▶ WORK REQUEST
Please return only the lines from the one holding "<!DOCTYPE svg PUBLIC" through the one holding "145.912,34.081 155.207,34.081 155.207,29.213", exactly as they appear in the records below, both ends included.
Top of DATA FOR THIS TASK
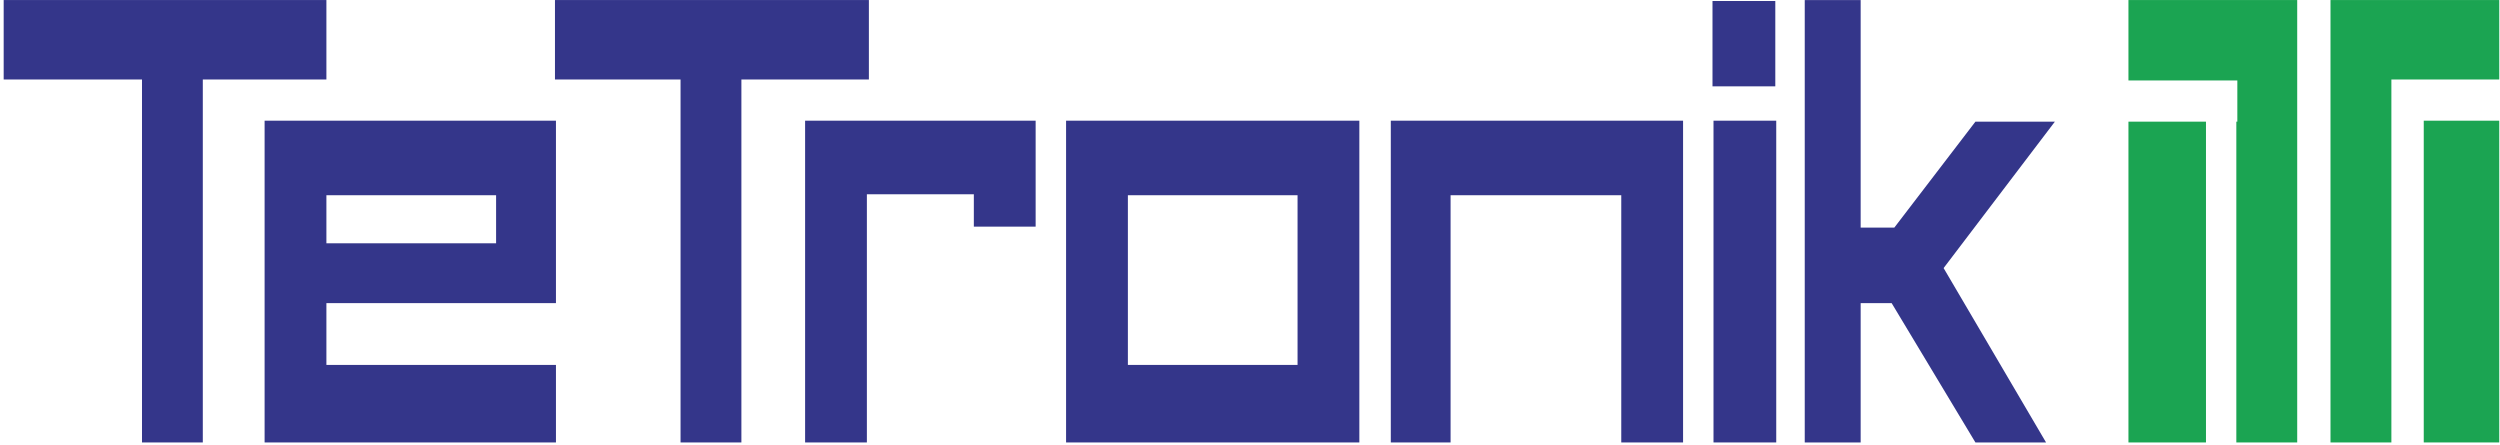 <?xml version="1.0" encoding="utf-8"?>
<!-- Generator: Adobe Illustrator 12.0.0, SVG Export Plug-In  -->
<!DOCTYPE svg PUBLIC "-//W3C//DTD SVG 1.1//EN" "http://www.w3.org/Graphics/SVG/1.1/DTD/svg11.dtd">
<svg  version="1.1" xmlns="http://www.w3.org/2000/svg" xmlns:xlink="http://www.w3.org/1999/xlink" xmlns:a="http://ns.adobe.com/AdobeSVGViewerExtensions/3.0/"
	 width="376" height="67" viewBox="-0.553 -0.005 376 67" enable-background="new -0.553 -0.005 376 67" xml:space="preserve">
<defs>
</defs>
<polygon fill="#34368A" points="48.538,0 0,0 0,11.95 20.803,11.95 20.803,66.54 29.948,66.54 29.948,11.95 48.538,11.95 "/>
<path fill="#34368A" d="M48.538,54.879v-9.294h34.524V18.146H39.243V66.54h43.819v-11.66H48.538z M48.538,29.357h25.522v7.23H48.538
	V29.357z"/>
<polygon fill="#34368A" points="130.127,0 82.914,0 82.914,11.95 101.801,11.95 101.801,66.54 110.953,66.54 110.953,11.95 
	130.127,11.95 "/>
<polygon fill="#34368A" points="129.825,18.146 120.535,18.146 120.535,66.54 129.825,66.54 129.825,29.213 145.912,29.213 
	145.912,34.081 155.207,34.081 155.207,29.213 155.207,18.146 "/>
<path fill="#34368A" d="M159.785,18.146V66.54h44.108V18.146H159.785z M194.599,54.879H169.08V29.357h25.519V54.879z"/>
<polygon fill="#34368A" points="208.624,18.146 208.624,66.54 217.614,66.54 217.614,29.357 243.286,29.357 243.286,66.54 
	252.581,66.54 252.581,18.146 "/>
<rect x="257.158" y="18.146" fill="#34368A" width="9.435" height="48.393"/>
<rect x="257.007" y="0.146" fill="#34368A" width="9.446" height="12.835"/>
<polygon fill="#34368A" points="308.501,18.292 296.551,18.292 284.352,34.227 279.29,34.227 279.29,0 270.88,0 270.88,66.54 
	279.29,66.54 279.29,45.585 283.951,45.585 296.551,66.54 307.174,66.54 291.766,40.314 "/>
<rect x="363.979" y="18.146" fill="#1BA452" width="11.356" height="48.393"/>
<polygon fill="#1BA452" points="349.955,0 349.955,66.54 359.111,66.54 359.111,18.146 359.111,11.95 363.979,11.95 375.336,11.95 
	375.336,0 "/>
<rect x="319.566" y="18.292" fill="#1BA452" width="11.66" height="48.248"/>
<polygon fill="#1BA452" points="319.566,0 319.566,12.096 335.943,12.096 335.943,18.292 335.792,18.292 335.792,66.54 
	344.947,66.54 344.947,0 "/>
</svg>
Bottom of DATA FOR THIS TASK
Top of DATA FOR THIS TASK
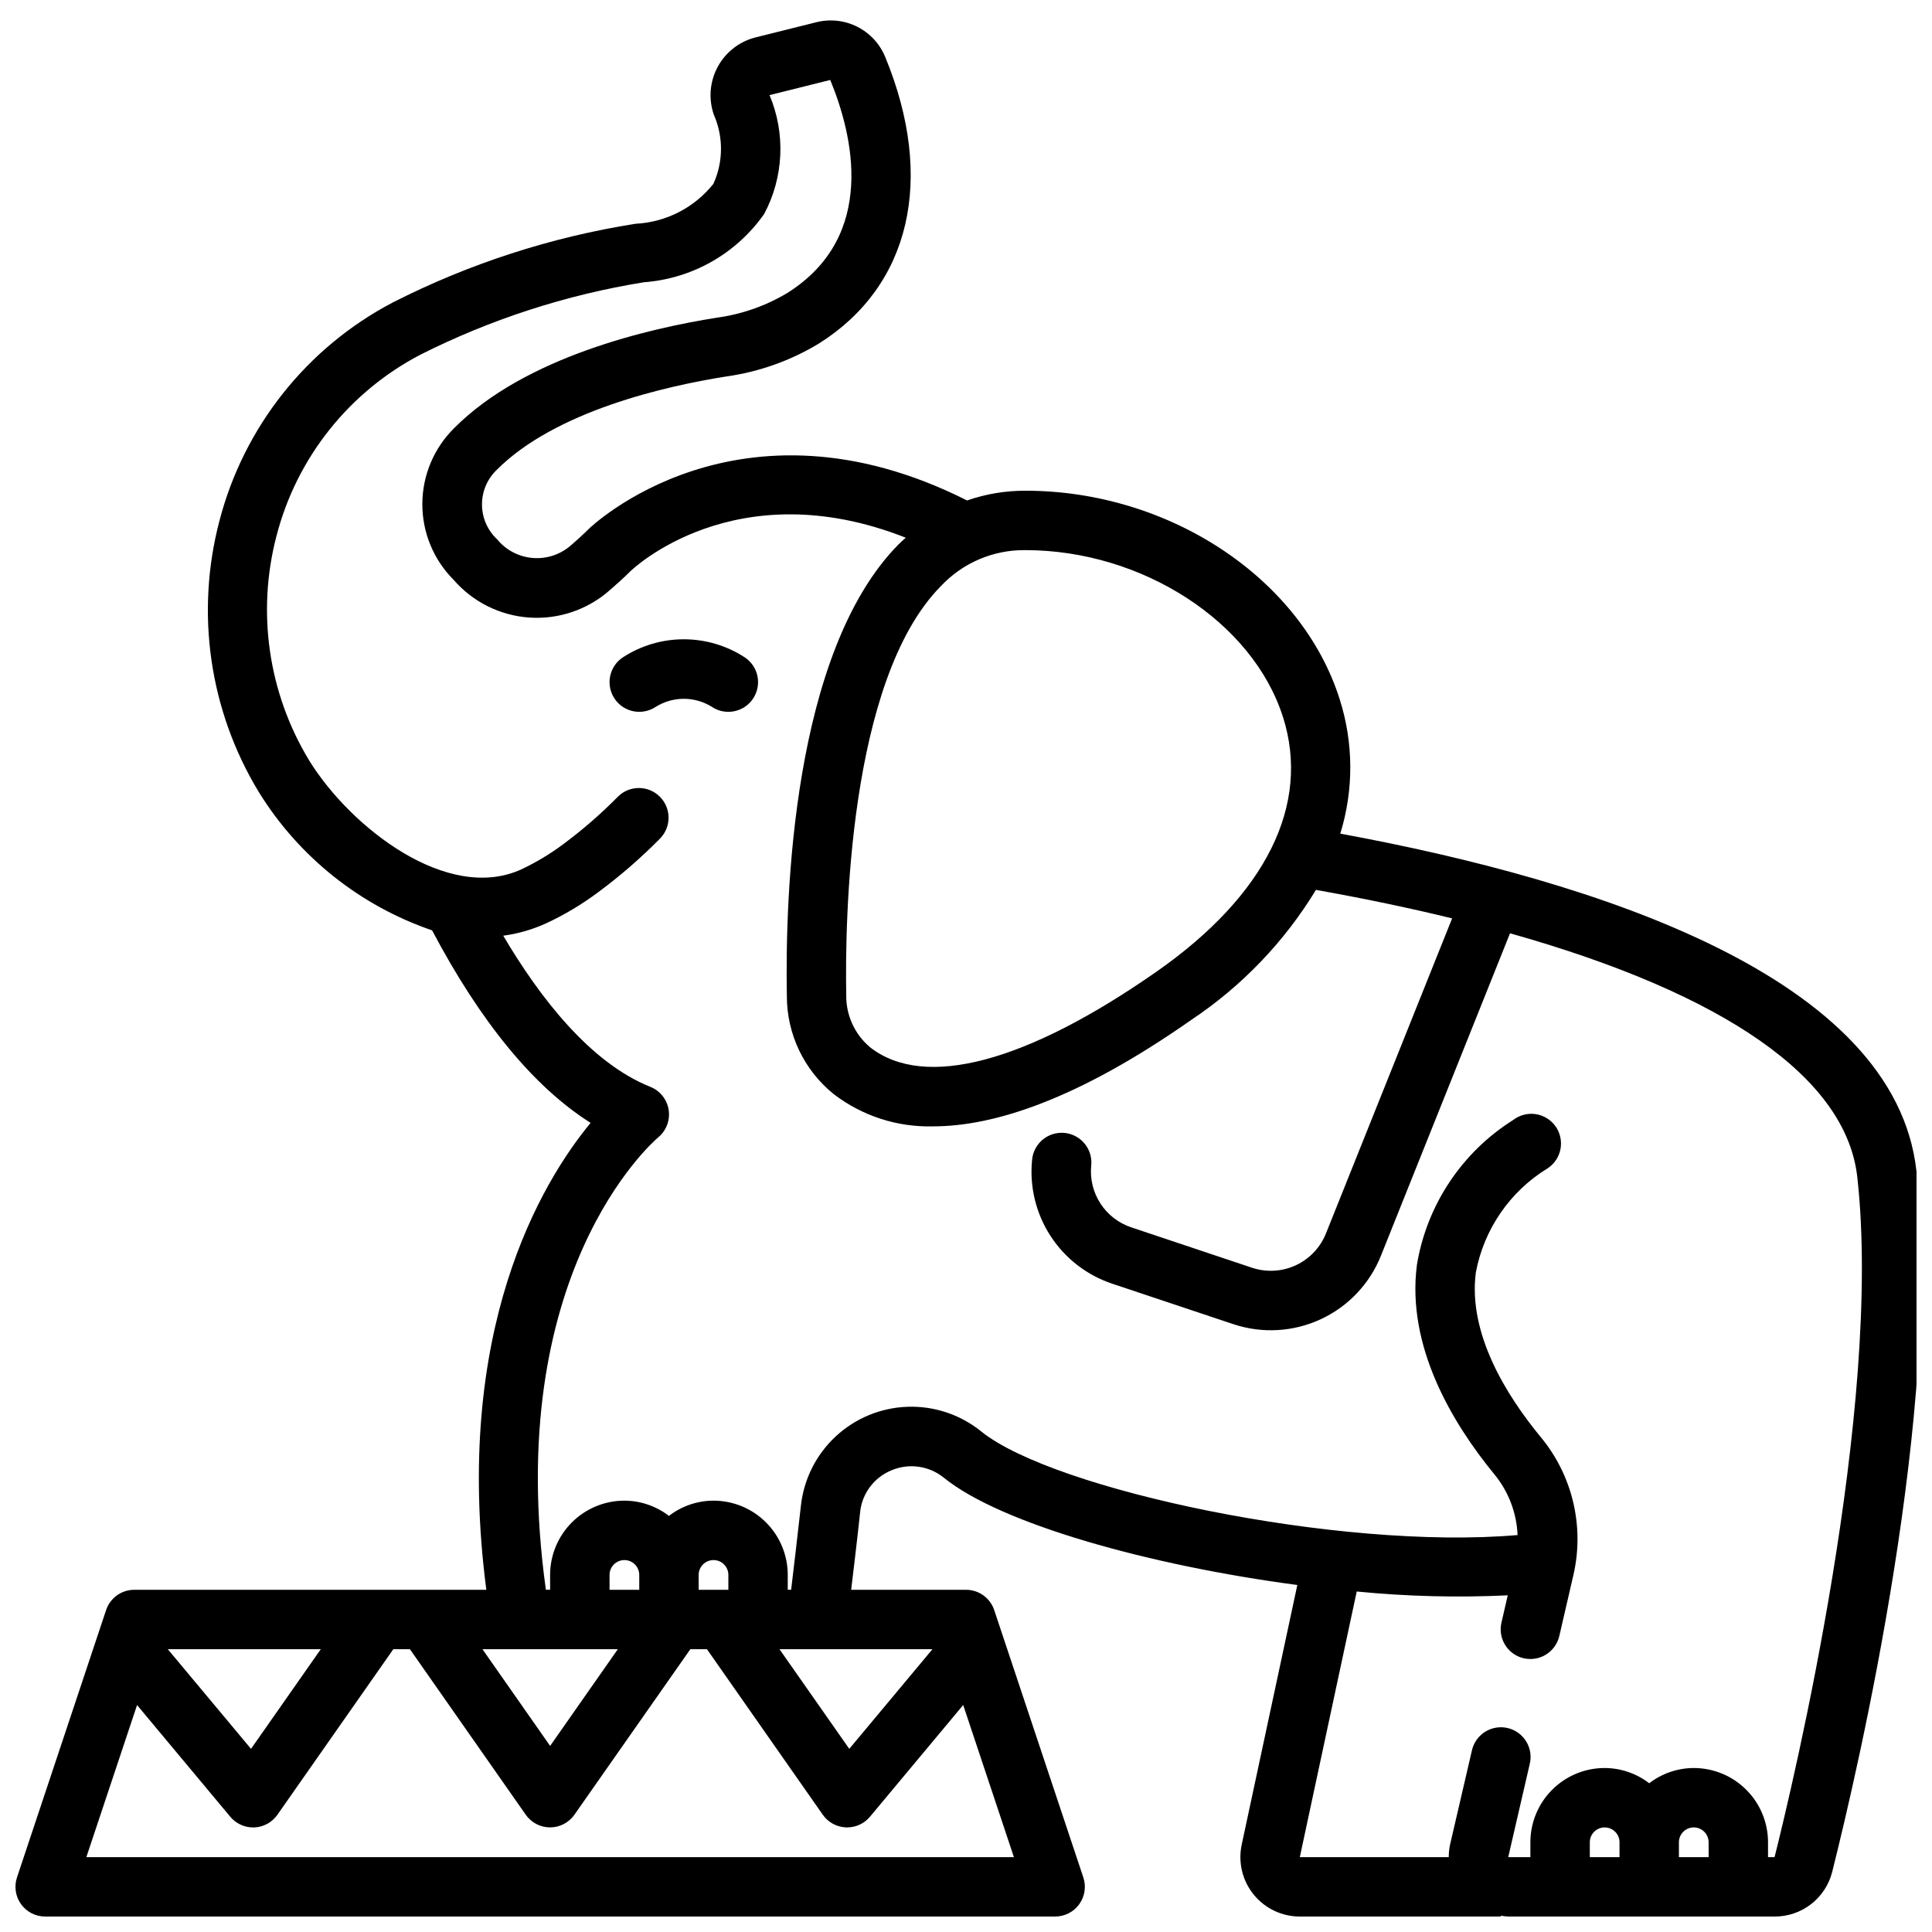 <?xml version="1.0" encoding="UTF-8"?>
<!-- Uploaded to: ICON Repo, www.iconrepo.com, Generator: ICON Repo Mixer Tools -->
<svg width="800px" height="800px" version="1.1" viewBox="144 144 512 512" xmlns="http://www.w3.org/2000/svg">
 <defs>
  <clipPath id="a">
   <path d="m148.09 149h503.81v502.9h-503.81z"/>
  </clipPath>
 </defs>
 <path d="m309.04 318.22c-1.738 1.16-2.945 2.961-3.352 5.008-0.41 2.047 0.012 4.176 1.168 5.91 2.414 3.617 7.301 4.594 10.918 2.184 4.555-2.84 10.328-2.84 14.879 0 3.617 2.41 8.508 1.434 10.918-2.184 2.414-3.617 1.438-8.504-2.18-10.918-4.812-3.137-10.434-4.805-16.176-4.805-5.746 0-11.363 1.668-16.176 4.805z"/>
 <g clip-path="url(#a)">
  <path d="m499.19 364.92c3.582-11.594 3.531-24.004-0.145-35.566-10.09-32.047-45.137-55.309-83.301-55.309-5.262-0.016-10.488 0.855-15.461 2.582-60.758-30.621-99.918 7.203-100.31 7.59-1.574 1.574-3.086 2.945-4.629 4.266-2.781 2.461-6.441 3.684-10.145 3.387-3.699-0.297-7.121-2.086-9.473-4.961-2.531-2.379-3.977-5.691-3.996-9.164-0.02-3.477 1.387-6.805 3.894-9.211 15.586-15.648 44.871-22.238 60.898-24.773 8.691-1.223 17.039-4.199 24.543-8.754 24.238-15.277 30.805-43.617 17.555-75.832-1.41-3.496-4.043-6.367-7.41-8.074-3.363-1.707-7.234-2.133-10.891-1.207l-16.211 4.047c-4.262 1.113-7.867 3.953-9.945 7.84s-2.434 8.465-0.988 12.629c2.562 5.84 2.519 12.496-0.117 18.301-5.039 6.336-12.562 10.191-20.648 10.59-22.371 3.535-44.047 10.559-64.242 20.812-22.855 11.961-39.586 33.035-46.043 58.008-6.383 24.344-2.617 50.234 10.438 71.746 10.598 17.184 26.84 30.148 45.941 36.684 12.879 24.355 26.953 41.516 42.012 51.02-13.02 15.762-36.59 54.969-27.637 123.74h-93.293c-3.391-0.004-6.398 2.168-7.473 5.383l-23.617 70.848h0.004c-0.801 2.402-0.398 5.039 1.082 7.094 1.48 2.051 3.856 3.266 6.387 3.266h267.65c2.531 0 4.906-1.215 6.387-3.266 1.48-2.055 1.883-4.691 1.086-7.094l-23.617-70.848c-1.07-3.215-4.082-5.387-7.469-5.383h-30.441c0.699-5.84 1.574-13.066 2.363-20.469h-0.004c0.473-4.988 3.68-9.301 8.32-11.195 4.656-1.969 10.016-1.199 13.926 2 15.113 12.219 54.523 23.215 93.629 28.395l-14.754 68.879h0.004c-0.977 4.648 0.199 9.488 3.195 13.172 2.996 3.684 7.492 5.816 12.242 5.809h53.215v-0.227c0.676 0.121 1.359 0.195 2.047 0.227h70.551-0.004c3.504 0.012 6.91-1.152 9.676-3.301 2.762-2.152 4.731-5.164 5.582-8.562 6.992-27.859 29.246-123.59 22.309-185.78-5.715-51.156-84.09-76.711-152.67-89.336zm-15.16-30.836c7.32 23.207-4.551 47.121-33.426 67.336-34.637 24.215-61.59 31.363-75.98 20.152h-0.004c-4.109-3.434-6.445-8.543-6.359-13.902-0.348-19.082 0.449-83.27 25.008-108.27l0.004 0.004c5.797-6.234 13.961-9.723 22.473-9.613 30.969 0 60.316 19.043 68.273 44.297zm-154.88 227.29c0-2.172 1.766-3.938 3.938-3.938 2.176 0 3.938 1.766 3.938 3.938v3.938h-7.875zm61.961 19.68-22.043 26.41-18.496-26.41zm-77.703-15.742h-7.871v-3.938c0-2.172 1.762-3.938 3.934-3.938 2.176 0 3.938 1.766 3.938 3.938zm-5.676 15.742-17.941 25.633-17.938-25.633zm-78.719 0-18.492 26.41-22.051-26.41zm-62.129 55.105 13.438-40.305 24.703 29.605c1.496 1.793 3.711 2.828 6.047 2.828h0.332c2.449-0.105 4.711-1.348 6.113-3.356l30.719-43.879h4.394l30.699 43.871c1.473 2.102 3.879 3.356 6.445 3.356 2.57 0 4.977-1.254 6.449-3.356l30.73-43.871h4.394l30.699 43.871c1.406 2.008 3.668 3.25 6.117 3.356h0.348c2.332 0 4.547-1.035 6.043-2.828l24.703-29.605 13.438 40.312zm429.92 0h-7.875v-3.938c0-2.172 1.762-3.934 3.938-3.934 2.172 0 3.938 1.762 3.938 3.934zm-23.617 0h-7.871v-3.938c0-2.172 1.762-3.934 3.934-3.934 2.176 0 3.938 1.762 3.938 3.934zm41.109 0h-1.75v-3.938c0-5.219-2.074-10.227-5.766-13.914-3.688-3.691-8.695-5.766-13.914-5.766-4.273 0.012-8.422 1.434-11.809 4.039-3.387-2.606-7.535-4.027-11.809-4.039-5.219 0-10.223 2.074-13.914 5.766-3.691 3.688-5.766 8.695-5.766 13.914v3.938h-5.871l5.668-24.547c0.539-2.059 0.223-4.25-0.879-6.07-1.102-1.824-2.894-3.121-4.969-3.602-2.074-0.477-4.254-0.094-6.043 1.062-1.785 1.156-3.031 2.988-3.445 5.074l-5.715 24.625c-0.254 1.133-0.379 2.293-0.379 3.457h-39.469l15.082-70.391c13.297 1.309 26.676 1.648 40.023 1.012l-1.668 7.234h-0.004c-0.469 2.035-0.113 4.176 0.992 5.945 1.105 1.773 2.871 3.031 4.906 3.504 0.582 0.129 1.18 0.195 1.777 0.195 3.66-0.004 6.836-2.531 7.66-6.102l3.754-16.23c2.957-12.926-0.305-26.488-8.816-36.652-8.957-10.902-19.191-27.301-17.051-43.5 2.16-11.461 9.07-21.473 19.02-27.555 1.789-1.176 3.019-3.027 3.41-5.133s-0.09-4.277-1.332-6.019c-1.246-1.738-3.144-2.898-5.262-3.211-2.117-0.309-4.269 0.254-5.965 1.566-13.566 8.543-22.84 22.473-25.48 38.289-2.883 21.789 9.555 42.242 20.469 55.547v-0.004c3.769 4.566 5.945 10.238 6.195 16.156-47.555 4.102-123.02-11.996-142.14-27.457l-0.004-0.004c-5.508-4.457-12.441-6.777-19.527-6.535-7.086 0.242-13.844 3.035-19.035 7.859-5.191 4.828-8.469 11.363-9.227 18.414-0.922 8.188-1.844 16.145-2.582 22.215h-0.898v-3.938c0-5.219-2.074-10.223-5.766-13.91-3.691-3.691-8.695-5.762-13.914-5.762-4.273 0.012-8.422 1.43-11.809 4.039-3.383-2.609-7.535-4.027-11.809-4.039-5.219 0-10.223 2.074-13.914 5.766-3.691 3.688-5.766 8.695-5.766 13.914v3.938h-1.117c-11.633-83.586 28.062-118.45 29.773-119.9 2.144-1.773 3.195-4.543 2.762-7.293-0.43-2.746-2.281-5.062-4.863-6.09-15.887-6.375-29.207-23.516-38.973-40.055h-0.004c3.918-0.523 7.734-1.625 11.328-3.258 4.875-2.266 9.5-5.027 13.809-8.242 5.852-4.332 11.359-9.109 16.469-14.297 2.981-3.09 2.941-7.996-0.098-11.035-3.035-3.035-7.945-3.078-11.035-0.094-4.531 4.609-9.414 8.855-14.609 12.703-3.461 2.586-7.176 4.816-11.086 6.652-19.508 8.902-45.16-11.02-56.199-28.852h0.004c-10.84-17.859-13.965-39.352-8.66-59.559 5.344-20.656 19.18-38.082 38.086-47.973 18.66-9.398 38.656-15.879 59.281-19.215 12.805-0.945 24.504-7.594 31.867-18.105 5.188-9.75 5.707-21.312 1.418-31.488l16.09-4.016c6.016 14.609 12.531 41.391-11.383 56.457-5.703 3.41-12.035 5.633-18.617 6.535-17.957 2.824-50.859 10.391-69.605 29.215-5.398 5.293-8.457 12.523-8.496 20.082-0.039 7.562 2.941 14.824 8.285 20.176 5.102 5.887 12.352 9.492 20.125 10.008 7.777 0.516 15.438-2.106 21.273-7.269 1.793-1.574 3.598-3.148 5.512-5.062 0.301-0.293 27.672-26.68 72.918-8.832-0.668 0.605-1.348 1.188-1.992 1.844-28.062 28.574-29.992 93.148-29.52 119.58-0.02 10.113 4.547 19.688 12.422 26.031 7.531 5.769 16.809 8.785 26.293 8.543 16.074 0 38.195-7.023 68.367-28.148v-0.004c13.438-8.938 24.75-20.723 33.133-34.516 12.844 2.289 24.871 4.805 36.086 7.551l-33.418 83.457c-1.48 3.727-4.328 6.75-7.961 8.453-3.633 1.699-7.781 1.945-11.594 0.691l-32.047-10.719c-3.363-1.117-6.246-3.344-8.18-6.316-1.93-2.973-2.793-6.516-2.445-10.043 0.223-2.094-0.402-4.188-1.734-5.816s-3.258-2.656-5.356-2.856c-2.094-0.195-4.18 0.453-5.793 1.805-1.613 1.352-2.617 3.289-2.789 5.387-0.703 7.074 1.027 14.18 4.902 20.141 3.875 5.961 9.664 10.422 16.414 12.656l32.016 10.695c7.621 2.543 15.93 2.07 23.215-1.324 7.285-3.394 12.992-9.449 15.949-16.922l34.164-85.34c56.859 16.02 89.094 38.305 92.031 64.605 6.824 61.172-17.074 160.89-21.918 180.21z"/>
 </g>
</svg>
Bottom of DATA FOR THIS TASK
▶ REPLY
<!DOCTYPE svg PUBLIC "-//W3C//DTD SVG 1.1//EN" "http://www.w3.org/Graphics/SVG/1.1/DTD/svg11.dtd">
<svg  version="1.1" xmlns="http://www.w3.org/2000/svg" xmlns:xlink="http://www.w3.org/1999/xlink" xmlns:a="http://ns.adobe.com/AdobeSVGViewerExtensions/3.0/"
	 width="376" height="67" viewBox="-0.553 -0.005 376 67" enable-background="new -0.553 -0.005 376 67" xml:space="preserve">
<defs>
</defs>
<polygon fill="#34368A" points="48.538,0 0,0 0,11.95 20.803,11.95 20.803,66.54 29.948,66.54 29.948,11.95 48.538,11.95 "/>
<path fill="#34368A" d="M48.538,54.879v-9.294h34.524V18.146H39.243V66.54h43.819v-11.66H48.538z M48.538,29.357h25.522v7.23H48.538
	V29.357z"/>
<polygon fill="#34368A" points="130.127,0 82.914,0 82.914,11.95 101.801,11.95 101.801,66.54 110.953,66.54 110.953,11.95 
	130.127,11.95 "/>
<polygon fill="#34368A" points="129.825,18.146 120.535,18.146 120.535,66.54 129.825,66.54 129.825,29.213 145.912,29.213 
	145.912,34.081 155.207,34.081 155.207,29.213 155.207,18.146 "/>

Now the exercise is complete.